Neurogenetic Laboratory of UNIFI contributed to the paper “Multi-pathway blood biomarkers to target and monitor multidimensional prevention of cognitive and functional decline (nested in the IN-TeMPO study framed within the World-Wide FINGERS network)” by Gessica Sala, Luca Cuffaro, Federico Emanuele Pozzi, Simona Andreoni, Chiara Bazzini, Elisa Conti, Chiara Paola Zoia, Simone Beretta, Lucio Tremolizzo, Giuseppe Bellelli, Chukwuma Okoye, Maria Cristina Ferrara, Annamaria De Luca, Roberta Lenti, Paola Mantuano, Paola Pontrelli, Alessandra Stasi, Giovanni Defazio, Vincenzo Solfrizzi, Lucilla Crudele, Cristina Airoldi, Ferdinando Chiaradonna, Maria Pia Longhese, Giovanni Messina, Antonino Natalello, Ivan Orlandi, Alessandra Aloisi, Simonetta Capone, Assunta Ingannato, Benedetta Nacmias, Daniela Capello, Francesca Mangialasche and Carlo Ferrarese, recently accepted for the publication on the Journal “Frontiers in Aging Neuroscience, section Alzheimer's Disease and Related Dementias”. The In-TeMPO study involved different spokes of the AGE-IT project (Spoke 8, Spoke3 – Unifi, Spoke 9).
The Neurogenetic laboratory is also preparing an abstract to submit to the CALL FOR PAPERS for the participation to the Second General Meeting di Age-IT, that will be held in Naples on Oct 29th-31st 2025.
In this semester, the UNIPD activity focused on the following three research lines:
1) Plasma pTau217 as a Marker of Alzheimer’s Co-Pathology in Parkinsonian Disorders
We investigated the utility of plasma phosphorylated Tau 217 (pTau217) as a biomarker for Alzheimer's disease (AD) co-pathology in a cohort of 170 participants, including individuals diagnosed with Parkinson’s disease (PD), progressive supranuclear palsy (PSP), and dementia with Lewy bodies (DLB). Following comprehensive data analysis, we prepared and submitted a manuscript titled "Plasma pTau217 as a Marker for Alzheimer’s Co-Pathology in Parkinson’s Spectrum Disorders."

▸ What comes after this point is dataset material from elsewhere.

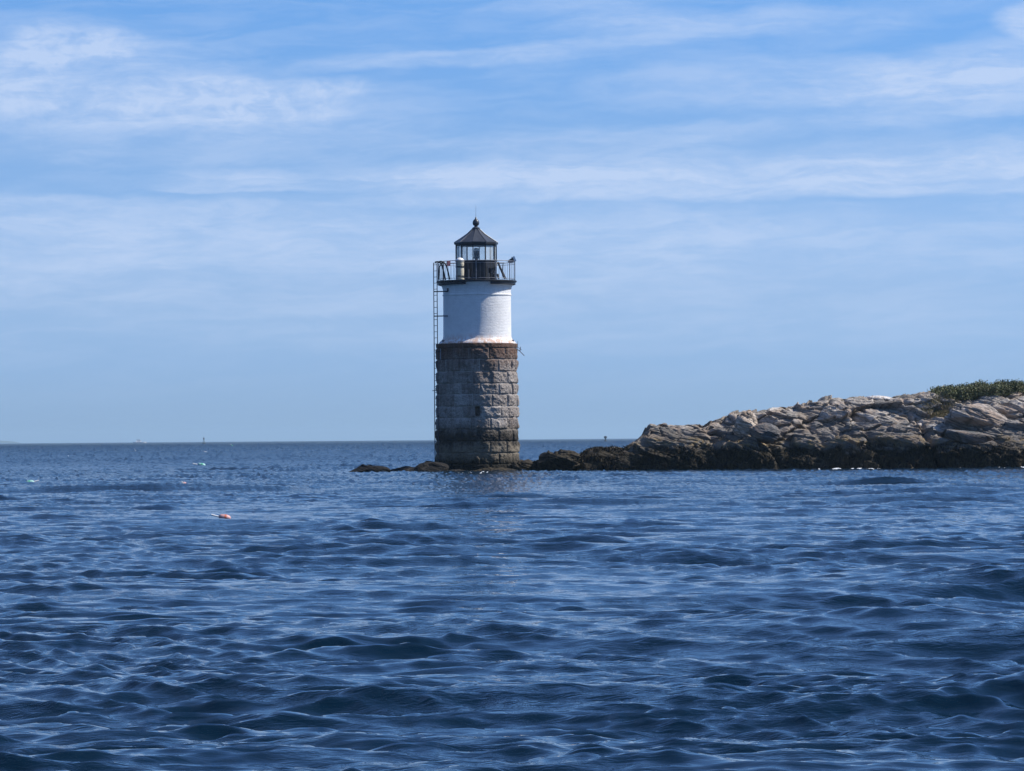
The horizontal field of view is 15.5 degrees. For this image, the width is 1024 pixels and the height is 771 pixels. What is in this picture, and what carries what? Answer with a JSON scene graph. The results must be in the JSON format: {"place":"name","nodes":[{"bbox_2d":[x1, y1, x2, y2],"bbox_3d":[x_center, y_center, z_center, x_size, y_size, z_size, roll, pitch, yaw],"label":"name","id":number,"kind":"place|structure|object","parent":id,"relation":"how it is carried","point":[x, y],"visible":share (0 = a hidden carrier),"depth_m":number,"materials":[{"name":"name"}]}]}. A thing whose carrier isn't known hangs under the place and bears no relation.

2) Serum Biomarkers Across Neurodegenerative Disorders
We analyzed serum levels of GFAP, neurofilament light (NfL), and pTau181 in a cohort of 179 participants, including 120 PD patients, 88 with AD, 16 with frontotemporal dementia (FTD), 11 with multiple system atrophy (MSA), and 14 with PSP. These were compared with 30 age- and sex-matched healthy controls (HCs). Biomarker measurements were conducted using the SIMOA platform. Based on the findings, we submitted a manuscript entitled "The Role of Blood-Based Biomarkers in Parkinsonian Disorders, Alzheimer’s Disease, and Frontotemporal Dementia."

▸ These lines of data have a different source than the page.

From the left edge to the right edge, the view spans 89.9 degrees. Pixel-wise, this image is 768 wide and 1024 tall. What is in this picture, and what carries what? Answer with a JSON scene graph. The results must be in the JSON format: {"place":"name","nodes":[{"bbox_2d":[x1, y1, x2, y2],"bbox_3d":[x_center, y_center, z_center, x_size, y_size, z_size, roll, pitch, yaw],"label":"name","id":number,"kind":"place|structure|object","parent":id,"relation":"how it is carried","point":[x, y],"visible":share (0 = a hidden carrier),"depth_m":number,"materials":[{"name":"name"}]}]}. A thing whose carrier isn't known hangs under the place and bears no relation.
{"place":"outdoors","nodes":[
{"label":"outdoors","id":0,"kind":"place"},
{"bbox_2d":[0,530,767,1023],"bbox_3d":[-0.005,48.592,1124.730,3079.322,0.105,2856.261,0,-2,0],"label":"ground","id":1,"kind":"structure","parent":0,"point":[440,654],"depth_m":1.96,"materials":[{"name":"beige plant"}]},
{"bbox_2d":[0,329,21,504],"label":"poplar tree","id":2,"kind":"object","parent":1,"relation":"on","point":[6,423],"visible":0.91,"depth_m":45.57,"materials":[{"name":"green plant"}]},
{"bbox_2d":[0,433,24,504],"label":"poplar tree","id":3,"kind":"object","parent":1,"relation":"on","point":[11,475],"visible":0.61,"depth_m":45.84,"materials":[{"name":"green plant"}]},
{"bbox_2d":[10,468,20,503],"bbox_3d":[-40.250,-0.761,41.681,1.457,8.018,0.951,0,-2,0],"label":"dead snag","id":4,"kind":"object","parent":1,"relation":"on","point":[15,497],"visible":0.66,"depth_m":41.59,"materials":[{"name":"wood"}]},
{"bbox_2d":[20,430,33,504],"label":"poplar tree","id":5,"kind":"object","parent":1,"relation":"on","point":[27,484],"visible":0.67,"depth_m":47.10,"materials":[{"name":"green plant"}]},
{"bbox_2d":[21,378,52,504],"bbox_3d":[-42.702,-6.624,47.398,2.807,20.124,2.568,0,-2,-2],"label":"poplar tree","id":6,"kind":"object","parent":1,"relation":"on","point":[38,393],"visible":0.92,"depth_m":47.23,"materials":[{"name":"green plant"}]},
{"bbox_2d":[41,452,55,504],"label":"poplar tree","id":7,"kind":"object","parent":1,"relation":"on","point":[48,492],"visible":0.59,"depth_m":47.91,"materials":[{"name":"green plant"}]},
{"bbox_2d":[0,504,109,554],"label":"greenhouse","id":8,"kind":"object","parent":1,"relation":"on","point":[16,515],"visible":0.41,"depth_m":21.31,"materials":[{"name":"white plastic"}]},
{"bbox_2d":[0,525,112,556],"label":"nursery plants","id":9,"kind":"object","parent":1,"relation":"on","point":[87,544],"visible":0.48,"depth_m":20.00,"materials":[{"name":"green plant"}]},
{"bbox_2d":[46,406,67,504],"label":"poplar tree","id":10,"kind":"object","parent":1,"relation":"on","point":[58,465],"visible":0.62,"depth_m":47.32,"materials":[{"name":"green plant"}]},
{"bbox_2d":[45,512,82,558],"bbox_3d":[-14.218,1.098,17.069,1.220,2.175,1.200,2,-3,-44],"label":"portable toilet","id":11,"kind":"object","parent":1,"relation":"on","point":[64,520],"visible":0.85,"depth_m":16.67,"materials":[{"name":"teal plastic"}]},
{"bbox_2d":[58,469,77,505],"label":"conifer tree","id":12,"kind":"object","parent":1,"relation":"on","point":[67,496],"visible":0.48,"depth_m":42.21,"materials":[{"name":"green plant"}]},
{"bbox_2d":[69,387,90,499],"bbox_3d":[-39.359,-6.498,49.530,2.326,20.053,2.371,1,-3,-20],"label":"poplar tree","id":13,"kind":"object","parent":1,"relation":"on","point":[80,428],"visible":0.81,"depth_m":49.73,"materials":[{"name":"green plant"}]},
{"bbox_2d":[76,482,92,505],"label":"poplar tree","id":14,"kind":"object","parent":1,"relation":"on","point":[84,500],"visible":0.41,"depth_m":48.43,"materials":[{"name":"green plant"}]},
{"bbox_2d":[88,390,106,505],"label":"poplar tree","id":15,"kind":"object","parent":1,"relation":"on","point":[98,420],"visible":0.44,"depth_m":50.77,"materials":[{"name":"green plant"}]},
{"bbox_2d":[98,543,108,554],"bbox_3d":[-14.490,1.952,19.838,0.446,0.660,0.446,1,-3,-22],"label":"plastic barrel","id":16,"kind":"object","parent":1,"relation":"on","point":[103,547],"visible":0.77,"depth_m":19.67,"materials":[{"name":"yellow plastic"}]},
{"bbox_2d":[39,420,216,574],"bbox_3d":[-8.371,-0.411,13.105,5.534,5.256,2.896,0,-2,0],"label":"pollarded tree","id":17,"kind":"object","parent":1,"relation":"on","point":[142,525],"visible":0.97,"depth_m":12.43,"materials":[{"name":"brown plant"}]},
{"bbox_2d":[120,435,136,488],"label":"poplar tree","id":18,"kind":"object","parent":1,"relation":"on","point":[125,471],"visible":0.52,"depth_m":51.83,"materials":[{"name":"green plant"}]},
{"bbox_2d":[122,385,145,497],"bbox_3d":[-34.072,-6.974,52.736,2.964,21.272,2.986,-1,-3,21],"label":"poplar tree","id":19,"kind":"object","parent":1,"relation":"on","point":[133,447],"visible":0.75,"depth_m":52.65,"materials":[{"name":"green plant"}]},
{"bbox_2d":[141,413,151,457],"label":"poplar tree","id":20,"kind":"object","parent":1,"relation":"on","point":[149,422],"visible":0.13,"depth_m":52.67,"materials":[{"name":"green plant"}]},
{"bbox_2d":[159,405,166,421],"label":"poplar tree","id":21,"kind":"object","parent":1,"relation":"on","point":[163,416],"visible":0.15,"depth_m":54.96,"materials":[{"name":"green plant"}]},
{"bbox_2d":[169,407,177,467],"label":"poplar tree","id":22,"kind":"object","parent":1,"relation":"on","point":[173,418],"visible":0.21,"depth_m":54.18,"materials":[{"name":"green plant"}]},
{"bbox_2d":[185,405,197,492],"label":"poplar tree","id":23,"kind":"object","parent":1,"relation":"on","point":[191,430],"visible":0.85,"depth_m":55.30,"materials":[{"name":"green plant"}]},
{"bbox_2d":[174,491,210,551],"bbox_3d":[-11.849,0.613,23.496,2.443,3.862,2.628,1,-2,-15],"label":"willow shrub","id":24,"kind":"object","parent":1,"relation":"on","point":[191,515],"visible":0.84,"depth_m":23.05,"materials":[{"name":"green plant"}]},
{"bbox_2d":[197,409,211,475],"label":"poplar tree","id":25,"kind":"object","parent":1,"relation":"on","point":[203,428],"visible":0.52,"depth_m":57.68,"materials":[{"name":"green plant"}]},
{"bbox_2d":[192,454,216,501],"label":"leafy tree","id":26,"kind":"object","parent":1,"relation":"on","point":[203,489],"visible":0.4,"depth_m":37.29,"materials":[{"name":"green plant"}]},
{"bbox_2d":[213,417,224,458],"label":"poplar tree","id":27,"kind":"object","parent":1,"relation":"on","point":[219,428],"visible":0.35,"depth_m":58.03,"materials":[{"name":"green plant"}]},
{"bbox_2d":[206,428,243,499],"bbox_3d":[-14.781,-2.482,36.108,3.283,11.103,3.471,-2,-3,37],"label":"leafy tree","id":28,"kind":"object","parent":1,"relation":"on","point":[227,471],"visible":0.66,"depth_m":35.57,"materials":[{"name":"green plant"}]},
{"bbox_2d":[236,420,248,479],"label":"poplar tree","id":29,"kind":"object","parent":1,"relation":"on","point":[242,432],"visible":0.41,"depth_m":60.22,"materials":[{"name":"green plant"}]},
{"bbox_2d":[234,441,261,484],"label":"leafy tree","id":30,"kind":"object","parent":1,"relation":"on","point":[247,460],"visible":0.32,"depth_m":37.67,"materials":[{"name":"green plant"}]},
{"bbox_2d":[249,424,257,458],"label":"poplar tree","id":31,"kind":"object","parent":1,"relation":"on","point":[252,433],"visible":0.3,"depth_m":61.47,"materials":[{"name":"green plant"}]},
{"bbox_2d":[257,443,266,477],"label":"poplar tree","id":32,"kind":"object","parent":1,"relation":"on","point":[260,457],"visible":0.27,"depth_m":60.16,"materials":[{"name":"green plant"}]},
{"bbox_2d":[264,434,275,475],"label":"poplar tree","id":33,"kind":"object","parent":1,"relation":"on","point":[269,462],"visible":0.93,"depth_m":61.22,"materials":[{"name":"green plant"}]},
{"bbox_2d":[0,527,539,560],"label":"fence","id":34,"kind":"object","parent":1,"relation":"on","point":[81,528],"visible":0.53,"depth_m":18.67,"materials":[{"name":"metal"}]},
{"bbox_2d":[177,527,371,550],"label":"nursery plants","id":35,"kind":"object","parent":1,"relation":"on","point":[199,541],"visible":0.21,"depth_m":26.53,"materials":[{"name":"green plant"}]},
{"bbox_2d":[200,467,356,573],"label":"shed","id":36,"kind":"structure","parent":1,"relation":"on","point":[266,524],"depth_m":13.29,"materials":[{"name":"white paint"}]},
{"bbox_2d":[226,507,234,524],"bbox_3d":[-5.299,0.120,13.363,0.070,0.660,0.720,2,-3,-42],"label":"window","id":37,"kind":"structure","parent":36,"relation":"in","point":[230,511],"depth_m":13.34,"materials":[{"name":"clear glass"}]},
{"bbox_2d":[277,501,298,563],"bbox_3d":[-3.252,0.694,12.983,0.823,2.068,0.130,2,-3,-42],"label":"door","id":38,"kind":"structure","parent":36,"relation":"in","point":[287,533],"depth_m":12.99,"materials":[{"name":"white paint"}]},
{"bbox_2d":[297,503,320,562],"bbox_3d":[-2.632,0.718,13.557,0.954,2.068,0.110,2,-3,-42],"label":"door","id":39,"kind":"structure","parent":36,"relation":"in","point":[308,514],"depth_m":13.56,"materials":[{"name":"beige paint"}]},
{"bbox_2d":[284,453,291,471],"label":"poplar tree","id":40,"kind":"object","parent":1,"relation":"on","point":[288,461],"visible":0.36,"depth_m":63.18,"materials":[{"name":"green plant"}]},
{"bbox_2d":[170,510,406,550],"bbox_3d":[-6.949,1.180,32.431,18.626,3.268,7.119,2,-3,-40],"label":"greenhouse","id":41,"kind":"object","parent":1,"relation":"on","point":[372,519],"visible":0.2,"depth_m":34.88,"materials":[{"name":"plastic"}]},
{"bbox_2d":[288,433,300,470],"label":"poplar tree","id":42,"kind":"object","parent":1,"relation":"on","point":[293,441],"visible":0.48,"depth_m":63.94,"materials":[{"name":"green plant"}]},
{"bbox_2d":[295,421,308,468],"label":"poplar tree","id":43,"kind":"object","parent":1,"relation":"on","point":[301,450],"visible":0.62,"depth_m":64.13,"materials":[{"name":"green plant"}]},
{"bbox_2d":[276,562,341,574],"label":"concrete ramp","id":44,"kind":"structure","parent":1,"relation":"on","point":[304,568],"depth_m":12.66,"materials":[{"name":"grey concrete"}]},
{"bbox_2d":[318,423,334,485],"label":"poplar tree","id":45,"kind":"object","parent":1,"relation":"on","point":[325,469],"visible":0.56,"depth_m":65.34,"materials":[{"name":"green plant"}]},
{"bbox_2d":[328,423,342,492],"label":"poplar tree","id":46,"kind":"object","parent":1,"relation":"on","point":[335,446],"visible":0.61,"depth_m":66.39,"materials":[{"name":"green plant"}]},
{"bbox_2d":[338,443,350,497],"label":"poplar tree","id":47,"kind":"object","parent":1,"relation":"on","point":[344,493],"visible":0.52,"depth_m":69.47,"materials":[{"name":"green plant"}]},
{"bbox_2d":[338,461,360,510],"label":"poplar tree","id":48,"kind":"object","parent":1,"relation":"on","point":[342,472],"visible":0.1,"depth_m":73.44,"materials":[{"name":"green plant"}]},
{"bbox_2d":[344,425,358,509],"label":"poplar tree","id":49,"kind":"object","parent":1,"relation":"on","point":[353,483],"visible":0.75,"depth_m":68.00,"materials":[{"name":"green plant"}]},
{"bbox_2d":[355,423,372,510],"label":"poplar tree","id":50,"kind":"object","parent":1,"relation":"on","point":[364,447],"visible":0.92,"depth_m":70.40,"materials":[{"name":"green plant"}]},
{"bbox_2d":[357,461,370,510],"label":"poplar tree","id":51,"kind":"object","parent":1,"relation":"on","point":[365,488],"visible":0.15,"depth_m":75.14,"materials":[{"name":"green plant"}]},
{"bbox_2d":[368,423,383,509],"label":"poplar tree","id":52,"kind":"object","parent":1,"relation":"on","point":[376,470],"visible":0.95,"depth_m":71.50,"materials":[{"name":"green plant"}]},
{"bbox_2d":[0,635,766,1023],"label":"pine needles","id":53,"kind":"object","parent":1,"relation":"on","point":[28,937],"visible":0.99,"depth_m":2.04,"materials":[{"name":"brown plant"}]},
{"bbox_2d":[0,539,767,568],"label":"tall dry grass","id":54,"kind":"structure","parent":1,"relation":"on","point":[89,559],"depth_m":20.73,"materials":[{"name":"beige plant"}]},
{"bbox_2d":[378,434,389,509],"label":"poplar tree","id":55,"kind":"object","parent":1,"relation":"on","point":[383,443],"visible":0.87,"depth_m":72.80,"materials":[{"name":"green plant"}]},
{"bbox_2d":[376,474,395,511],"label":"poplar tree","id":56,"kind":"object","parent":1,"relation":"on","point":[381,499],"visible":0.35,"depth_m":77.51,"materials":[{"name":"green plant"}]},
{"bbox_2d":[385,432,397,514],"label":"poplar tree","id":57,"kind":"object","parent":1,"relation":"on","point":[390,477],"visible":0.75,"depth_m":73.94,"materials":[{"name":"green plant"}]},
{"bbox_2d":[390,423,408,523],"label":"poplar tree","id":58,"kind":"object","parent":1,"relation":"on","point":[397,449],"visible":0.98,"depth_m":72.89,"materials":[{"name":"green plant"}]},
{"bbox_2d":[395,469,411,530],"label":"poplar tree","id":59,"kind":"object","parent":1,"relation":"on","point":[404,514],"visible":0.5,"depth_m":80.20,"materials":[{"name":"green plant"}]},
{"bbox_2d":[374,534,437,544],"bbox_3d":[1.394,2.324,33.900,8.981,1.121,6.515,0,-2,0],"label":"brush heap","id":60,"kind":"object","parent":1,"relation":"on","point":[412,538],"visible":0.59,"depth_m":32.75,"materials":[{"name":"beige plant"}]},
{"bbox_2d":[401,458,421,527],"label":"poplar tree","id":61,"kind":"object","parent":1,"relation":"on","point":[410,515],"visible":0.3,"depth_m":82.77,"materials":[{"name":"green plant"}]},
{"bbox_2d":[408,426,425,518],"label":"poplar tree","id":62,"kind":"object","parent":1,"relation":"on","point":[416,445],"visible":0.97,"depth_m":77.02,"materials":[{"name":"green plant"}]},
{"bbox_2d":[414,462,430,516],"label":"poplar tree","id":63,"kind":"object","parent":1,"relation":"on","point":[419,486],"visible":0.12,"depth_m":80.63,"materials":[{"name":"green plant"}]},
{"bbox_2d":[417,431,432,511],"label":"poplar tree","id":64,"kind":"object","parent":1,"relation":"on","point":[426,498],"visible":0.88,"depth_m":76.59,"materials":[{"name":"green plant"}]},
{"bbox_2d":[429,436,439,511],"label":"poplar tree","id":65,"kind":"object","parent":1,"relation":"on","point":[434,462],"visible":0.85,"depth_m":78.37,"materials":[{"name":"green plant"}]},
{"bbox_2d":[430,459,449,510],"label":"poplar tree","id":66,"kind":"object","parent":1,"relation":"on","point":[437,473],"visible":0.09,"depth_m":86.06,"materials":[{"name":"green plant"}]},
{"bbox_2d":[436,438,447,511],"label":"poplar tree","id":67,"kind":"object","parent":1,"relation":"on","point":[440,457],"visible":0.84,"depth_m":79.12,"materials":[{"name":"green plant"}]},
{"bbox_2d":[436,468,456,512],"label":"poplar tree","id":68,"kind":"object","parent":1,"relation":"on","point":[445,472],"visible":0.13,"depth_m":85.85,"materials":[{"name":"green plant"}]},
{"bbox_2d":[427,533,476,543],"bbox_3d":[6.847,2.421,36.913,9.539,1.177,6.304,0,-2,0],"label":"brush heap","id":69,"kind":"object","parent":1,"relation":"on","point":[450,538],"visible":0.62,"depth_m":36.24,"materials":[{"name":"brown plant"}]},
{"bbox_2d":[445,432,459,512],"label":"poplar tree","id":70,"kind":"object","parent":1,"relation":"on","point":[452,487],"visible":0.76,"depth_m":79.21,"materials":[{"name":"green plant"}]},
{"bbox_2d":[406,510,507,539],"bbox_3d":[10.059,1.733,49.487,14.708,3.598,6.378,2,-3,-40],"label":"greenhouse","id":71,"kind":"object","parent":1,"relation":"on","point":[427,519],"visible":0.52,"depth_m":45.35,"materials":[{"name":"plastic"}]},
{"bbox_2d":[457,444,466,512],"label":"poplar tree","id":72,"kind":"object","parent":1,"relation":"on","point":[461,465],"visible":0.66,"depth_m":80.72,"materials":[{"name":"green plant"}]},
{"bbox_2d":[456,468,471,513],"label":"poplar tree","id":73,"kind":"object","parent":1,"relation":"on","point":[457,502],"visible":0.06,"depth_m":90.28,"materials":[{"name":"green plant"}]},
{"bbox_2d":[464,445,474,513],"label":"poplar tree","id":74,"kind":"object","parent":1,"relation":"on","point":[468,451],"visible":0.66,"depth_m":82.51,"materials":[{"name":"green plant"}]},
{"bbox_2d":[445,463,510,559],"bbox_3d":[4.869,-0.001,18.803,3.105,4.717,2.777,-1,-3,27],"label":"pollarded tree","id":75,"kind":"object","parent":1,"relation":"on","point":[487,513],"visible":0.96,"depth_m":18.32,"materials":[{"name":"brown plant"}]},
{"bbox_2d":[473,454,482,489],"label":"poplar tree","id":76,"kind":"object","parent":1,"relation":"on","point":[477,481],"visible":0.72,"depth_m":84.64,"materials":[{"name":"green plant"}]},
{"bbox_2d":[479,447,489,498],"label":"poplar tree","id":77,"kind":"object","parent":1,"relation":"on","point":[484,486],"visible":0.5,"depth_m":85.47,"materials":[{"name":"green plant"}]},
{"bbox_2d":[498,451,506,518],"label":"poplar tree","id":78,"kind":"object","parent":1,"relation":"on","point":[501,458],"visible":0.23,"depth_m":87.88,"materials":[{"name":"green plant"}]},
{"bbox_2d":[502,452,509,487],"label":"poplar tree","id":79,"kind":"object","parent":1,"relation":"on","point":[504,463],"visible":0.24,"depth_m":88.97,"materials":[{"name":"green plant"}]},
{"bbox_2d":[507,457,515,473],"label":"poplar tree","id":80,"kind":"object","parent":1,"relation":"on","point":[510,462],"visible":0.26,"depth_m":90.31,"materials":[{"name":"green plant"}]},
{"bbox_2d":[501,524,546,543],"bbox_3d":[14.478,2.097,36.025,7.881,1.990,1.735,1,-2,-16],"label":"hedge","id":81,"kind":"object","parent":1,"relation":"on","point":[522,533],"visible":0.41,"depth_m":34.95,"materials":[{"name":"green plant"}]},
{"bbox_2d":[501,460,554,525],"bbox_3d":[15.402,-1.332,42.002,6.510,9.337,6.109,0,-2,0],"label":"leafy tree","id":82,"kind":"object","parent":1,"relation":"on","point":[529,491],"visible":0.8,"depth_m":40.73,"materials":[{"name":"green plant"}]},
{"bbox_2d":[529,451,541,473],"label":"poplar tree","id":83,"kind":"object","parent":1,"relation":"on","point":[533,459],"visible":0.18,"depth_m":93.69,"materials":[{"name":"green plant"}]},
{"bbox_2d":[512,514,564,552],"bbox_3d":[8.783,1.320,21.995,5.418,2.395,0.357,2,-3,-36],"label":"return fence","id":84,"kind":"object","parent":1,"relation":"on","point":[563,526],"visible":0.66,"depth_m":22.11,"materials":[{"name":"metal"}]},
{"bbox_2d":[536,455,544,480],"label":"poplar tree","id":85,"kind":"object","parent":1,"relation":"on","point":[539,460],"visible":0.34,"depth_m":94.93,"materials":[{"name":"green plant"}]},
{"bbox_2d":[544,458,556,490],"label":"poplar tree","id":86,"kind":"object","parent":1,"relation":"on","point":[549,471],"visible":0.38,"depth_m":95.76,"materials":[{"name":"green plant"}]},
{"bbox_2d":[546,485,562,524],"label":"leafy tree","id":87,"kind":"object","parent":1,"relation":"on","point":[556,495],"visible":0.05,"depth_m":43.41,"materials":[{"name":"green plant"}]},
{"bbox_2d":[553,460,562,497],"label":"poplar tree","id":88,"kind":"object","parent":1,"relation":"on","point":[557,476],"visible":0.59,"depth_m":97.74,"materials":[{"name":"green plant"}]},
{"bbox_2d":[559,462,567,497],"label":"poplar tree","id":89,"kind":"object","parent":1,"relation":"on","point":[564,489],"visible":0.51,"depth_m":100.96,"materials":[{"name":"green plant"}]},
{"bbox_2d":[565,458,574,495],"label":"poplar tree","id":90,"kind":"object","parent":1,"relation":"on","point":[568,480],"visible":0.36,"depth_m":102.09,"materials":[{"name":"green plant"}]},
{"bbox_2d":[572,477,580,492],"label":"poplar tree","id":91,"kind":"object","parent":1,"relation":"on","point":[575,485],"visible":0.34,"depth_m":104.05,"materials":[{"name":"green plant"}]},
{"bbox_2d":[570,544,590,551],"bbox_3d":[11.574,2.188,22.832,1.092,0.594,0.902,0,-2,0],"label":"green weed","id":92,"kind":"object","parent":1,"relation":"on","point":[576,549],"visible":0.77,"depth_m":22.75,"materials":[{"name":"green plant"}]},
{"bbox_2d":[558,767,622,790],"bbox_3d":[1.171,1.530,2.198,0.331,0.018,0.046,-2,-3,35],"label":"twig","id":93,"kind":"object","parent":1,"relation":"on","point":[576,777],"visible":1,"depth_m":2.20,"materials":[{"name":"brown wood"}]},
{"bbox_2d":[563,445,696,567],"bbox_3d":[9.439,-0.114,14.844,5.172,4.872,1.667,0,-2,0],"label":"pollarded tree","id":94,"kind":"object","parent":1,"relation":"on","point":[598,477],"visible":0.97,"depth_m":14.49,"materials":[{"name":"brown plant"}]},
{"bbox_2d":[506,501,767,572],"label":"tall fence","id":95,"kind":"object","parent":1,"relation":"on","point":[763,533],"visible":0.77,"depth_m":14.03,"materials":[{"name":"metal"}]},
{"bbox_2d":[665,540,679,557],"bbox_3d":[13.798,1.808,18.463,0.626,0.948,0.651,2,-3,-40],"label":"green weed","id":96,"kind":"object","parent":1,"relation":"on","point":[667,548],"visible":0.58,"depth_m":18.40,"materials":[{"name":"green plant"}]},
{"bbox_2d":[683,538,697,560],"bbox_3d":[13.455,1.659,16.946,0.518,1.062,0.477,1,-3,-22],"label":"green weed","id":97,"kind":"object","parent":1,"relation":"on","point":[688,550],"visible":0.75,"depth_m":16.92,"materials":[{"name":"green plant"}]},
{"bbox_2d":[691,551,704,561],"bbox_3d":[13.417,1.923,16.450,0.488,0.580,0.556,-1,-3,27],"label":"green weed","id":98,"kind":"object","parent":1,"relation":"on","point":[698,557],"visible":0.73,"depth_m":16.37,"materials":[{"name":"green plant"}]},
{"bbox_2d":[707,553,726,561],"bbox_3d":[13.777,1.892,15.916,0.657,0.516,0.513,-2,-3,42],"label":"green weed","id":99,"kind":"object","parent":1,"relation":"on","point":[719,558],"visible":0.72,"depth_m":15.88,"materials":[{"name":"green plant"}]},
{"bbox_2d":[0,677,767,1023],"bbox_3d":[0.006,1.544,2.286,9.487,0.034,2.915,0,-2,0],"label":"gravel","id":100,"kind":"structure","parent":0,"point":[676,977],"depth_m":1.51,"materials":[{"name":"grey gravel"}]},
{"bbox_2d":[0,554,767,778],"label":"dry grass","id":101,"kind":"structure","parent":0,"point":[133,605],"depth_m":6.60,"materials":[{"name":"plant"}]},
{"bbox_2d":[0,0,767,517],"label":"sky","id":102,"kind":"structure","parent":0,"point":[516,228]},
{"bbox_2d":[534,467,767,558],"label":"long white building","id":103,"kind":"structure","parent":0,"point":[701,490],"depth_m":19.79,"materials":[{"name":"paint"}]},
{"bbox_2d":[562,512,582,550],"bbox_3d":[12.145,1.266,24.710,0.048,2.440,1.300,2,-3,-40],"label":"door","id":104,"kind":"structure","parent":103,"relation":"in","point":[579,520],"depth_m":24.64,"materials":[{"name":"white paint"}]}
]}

3) Associations Between Blood Biomarkers, Brain Volume, and Cognition in PD
We explored the relationship between serum biomarkers, brain imaging, and cognitive status in 58 PD patients, divided into 37 cognitively unimpaired (PD-NC) and 21 cognitively impaired (PD-CI) individuals. Each participant underwent T1-weighted and T2-weighted FLAIR MRI scans using a Philips 3T scanner. Serum biomarkers were again analyzed via the SIMOA method. A manuscript based on this study is currently in preparation.